> Exercise input:
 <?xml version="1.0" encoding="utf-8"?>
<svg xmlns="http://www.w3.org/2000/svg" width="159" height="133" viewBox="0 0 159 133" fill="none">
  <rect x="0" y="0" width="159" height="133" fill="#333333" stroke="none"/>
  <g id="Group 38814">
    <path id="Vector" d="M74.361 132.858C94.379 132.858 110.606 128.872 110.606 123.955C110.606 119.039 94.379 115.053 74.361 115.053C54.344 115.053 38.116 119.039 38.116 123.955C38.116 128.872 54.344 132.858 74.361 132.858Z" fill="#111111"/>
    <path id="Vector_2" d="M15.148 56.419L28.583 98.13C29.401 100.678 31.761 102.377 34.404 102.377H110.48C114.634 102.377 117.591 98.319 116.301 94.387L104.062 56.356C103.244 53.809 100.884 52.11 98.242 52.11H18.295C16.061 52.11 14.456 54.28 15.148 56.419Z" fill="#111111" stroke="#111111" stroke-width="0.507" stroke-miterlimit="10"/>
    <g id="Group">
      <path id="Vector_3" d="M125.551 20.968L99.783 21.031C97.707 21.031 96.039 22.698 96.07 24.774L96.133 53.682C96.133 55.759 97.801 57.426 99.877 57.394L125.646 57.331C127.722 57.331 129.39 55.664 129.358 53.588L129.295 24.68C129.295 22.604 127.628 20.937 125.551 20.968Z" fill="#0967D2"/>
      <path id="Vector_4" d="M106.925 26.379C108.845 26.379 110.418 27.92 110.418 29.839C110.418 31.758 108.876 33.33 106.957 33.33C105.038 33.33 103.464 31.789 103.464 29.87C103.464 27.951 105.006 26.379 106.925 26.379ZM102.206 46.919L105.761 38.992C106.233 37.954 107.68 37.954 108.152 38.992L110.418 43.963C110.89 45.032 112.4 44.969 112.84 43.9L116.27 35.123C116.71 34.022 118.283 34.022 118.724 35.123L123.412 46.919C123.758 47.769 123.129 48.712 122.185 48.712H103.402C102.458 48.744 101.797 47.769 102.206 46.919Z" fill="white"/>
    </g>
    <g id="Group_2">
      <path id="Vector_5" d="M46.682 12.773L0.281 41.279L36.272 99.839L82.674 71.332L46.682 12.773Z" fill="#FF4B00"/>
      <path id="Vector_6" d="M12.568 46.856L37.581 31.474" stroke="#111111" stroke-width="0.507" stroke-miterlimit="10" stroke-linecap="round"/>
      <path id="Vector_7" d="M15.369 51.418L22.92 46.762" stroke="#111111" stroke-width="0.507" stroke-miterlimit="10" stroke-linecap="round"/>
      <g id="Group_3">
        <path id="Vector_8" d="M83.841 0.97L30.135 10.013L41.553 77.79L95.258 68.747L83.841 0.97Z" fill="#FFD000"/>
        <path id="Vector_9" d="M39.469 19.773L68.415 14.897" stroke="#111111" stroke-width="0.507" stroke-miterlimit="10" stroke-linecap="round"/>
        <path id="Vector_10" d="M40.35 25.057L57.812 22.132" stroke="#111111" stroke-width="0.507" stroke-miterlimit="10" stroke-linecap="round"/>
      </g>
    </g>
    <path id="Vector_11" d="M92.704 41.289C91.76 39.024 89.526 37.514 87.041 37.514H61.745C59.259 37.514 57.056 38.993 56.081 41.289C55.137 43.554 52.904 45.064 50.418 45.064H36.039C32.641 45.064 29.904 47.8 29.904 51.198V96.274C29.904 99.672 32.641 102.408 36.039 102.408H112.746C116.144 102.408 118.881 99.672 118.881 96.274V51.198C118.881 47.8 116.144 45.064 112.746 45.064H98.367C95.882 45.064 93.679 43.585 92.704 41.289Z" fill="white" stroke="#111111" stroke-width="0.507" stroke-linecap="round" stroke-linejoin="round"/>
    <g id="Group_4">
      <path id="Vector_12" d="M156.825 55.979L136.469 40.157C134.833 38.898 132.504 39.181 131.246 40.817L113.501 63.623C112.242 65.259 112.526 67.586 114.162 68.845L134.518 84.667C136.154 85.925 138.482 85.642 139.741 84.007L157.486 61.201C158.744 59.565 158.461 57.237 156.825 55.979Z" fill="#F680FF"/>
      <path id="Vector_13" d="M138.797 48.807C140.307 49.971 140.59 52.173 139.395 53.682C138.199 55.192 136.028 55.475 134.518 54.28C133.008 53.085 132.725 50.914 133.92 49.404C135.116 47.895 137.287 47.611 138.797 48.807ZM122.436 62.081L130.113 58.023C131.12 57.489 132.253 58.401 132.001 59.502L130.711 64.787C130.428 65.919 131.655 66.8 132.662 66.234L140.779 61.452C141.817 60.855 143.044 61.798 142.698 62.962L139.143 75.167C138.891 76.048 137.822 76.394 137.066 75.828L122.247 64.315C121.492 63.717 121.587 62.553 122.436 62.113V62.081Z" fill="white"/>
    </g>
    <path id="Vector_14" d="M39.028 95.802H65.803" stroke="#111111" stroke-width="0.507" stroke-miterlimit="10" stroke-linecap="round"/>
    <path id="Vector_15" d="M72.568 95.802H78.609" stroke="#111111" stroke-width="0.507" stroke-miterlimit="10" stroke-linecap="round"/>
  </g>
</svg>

> Work task: Your task is to transcribe all of the entries word for word.

> Answer below:
 <?xml version="1.0" encoding="utf-8"?>
<svg xmlns="http://www.w3.org/2000/svg" width="159" height="133" viewBox="0 0 159 133" fill="none">
  <rect x="0" y="0" width="159" height="133" fill="#333333" stroke="none"/>
  <g id="Group 38814">
    <path id="Vector" d="M74.361 132.858C94.379 132.858 110.606 128.872 110.606 123.955C110.606 119.039 94.379 115.053 74.361 115.053C54.344 115.053 38.116 119.039 38.116 123.955C38.116 128.872 54.344 132.858 74.361 132.858Z" fill="#111111"/>
    <path id="Vector_2" d="M15.148 56.419L28.583 98.13C29.401 100.678 31.761 102.377 34.404 102.377H110.48C114.634 102.377 117.591 98.319 116.301 94.387L104.062 56.356C103.244 53.809 100.884 52.11 98.242 52.11H18.295C16.061 52.11 14.456 54.28 15.148 56.419Z" fill="#111111" stroke="#111111" stroke-width="0.507" stroke-miterlimit="10"/>
    <g id="Group">
      <path id="Vector_3" d="M125.551 20.968L99.783 21.031C97.707 21.031 96.039 22.698 96.07 24.774L96.133 53.682C96.133 55.759 97.801 57.426 99.877 57.394L125.646 57.331C127.722 57.331 129.39 55.664 129.358 53.588L129.295 24.68C129.295 22.604 127.628 20.937 125.551 20.968Z" fill="#0967D2"/>
      <path id="Vector_4" d="M106.925 26.379C108.845 26.379 110.418 27.92 110.418 29.839C110.418 31.758 108.876 33.33 106.957 33.33C105.038 33.33 103.464 31.789 103.464 29.87C103.464 27.951 105.006 26.379 106.925 26.379ZM102.206 46.919L105.761 38.992C106.233 37.954 107.68 37.954 108.152 38.992L110.418 43.963C110.89 45.032 112.4 44.969 112.84 43.9L116.27 35.123C116.71 34.022 118.283 34.022 118.724 35.123L123.412 46.919C123.758 47.769 123.129 48.712 122.185 48.712H103.402C102.458 48.744 101.797 47.769 102.206 46.919Z" fill="white"/>
    </g>
    <g id="Group_2">
      <path id="Vector_5" d="M46.682 12.773L0.281 41.279L36.272 99.839L82.674 71.332L46.682 12.773Z" fill="#FF4B00"/>
      <path id="Vector_6" d="M12.568 46.856L37.581 31.474" stroke="#111111" stroke-width="0.507" stroke-miterlimit="10" stroke-linecap="round"/>
      <path id="Vector_7" d="M15.369 51.418L22.92 46.762" stroke="#111111" stroke-width="0.507" stroke-miterlimit="10" stroke-linecap="round"/>
      <g id="Group_3">
        <path id="Vector_8" d="M83.841 0.97L30.135 10.013L41.553 77.79L95.258 68.747L83.841 0.97Z" fill="#FFD000"/>
        <path id="Vector_9" d="M39.469 19.773L68.415 14.897" stroke="#111111" stroke-width="0.507" stroke-miterlimit="10" stroke-linecap="round"/>
        <path id="Vector_10" d="M40.35 25.057L57.812 22.132" stroke="#111111" stroke-width="0.507" stroke-miterlimit="10" stroke-linecap="round"/>
      </g>
    </g>
    <path id="Vector_11" d="M92.704 41.289C91.76 39.024 89.526 37.514 87.041 37.514H61.745C59.259 37.514 57.056 38.993 56.081 41.289C55.137 43.554 52.904 45.064 50.418 45.064H36.039C32.641 45.064 29.904 47.8 29.904 51.198V96.274C29.904 99.672 32.641 102.408 36.039 102.408H112.746C116.144 102.408 118.881 99.672 118.881 96.274V51.198C118.881 47.8 116.144 45.064 112.746 45.064H98.367C95.882 45.064 93.679 43.585 92.704 41.289Z" fill="white" stroke="#111111" stroke-width="0.507" stroke-linecap="round" stroke-linejoin="round"/>
    <g id="Group_4">
      <path id="Vector_12" d="M156.825 55.979L136.469 40.157C134.833 38.898 132.504 39.181 131.246 40.817L113.501 63.623C112.242 65.259 112.526 67.586 114.162 68.845L134.518 84.667C136.154 85.925 138.482 85.642 139.741 84.007L157.486 61.201C158.744 59.565 158.461 57.237 156.825 55.979Z" fill="#F680FF"/>
      <path id="Vector_13" d="M138.797 48.807C140.307 49.971 140.59 52.173 139.395 53.682C138.199 55.192 136.028 55.475 134.518 54.28C133.008 53.085 132.725 50.914 133.92 49.404C135.116 47.895 137.287 47.611 138.797 48.807ZM122.436 62.081L130.113 58.023C131.12 57.489 132.253 58.401 132.001 59.502L130.711 64.787C130.428 65.919 131.655 66.8 132.662 66.234L140.779 61.452C141.817 60.855 143.044 61.798 142.698 62.962L139.143 75.167C138.891 76.048 137.822 76.394 137.066 75.828L122.247 64.315C121.492 63.717 121.587 62.553 122.436 62.113V62.081Z" fill="white"/>
    </g>
    <path id="Vector_14" d="M39.028 95.802H65.803" stroke="#111111" stroke-width="0.507" stroke-miterlimit="10" stroke-linecap="round"/>
    <path id="Vector_15" d="M72.568 95.802H78.609" stroke="#111111" stroke-width="0.507" stroke-miterlimit="10" stroke-linecap="round"/>
  </g>
</svg>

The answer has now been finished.